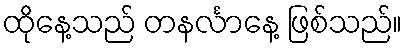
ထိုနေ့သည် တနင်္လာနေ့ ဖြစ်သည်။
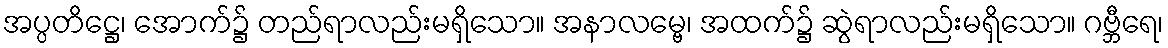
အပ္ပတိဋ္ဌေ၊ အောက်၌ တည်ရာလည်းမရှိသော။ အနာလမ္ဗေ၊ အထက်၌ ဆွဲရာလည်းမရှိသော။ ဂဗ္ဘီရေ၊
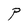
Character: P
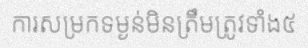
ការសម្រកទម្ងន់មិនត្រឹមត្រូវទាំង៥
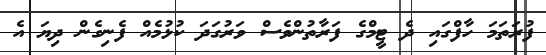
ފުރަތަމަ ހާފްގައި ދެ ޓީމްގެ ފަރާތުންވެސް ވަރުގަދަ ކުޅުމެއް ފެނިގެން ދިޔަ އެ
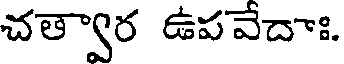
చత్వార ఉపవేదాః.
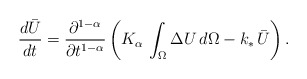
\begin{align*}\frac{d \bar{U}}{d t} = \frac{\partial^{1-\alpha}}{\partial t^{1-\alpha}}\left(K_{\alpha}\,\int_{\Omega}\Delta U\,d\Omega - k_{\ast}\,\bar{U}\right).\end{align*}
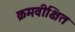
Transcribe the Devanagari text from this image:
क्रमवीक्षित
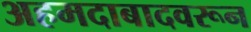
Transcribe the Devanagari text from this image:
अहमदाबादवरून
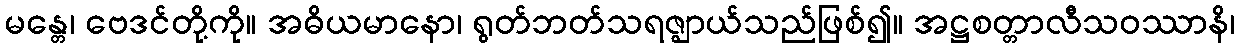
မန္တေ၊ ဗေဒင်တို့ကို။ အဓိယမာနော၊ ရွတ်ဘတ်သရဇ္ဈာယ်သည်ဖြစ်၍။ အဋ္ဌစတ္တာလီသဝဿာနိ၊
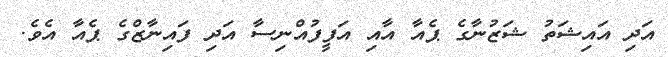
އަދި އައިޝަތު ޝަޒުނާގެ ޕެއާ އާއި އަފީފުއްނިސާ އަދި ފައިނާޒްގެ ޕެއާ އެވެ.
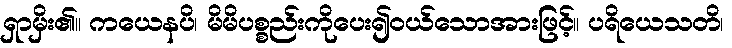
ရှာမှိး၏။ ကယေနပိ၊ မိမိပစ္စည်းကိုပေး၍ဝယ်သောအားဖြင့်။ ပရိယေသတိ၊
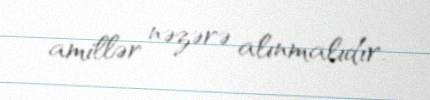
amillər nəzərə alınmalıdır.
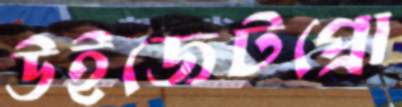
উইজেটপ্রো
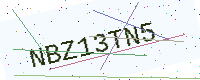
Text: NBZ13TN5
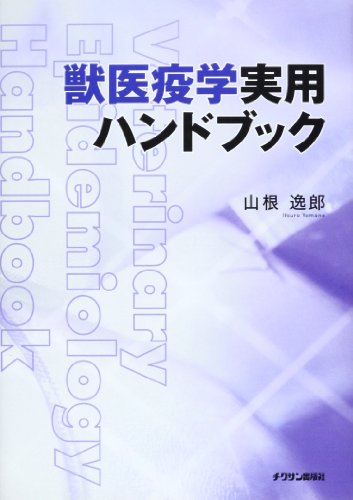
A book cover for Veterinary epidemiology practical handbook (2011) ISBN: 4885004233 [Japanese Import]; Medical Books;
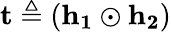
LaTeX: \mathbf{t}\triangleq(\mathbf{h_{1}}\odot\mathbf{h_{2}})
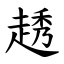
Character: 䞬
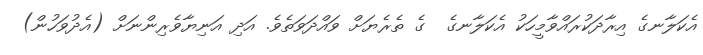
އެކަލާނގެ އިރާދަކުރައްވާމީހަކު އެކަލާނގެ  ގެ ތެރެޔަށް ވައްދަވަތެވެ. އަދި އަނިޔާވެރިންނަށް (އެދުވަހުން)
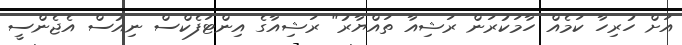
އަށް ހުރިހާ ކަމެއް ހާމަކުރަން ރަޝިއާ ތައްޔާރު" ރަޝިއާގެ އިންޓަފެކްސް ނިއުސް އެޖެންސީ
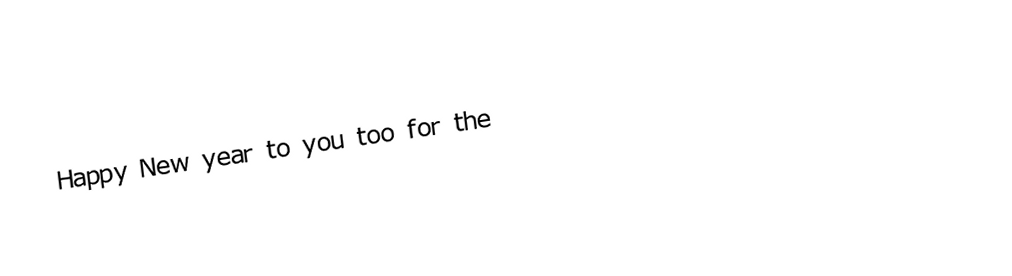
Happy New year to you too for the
◆ ◆ ◆
*Exercise prompt*
Would you write out each record above exactly, with no images?

*The answer*
ထိုနေ့သည် တနင်္လာနေ့ ဖြစ်သည်။
အပ္ပတိဋ္ဌေ၊ အောက်၌ တည်ရာလည်းမရှိသော။ အနာလမ္ဗေ၊ အထက်၌ ဆွဲရာလည်းမရှိသော။ ဂဗ္ဘီရေ၊
Character: P
ការសម្រកទម្ងន់មិនត្រឹមត្រូវទាំង៥
ފުރަތަމަ ހާފްގައި ދެ ޓީމްގެ ފަރާތުންވެސް ވަރުގަދަ ކުޅުމެއް ފެނިގެން ދިޔަ އެ
చత్వార ఉపవేదాః.
\begin{align*}\frac{d \bar{U}}{d t} = \frac{\partial^{1-\alpha}}{\partial t^{1-\alpha}}\left(K_{\alpha}\,\int_{\Omega}\Delta U\,d\Omega - k_{\ast}\,\bar{U}\right).\end{align*}
Transcribe the Devanagari text from this image:
क्रमवीक्षित
Transcribe the Devanagari text from this image:
अहमदाबादवरून
မန္တေ၊ ဗေဒင်တို့ကို။ အဓိယမာနော၊ ရွတ်ဘတ်သရဇ္ဈာယ်သည်ဖြစ်၍။ အဋ္ဌစတ္တာလီသဝဿာနိ၊
އަދި އައިޝަތު ޝަޒުނާގެ ޕެއާ އާއި އަފީފުއްނިސާ އަދި ފައިނާޒްގެ ޕެއާ އެވެ.
ရှာမှိး၏။ ကယေနပိ၊ မိမိပစ္စည်းကိုပေး၍ဝယ်သောအားဖြင့်။ ပရိယေသတိ၊
amillər nəzərə alınmalıdır.
উইজেটপ্রো
Text: NBZ13TN5
A book cover for Veterinary epidemiology practical handbook (2011) ISBN: 4885004233 [Japanese Import]; Medical Books;
LaTeX: \mathbf{t}\triangleq(\mathbf{h_{1}}\odot\mathbf{h_{2}})
Character: 䞬
އެކަލާނގެ އިރާދަކުރައްވާމީހަކު އެކަލާނގެ  ގެ ތެރެޔަށް ވައްދަވަތެވެ. އަދި އަނިޔާވެރިންނަށް (އެދުވަހުން)
އަށް ހުރިހާ ކަމެއް ހާމަކުރަން ރަޝިއާ ތައްޔާރު" ރަޝިއާގެ އިންޓަފެކްސް ނިއުސް އެޖެންސީ
Happy New year to you too for the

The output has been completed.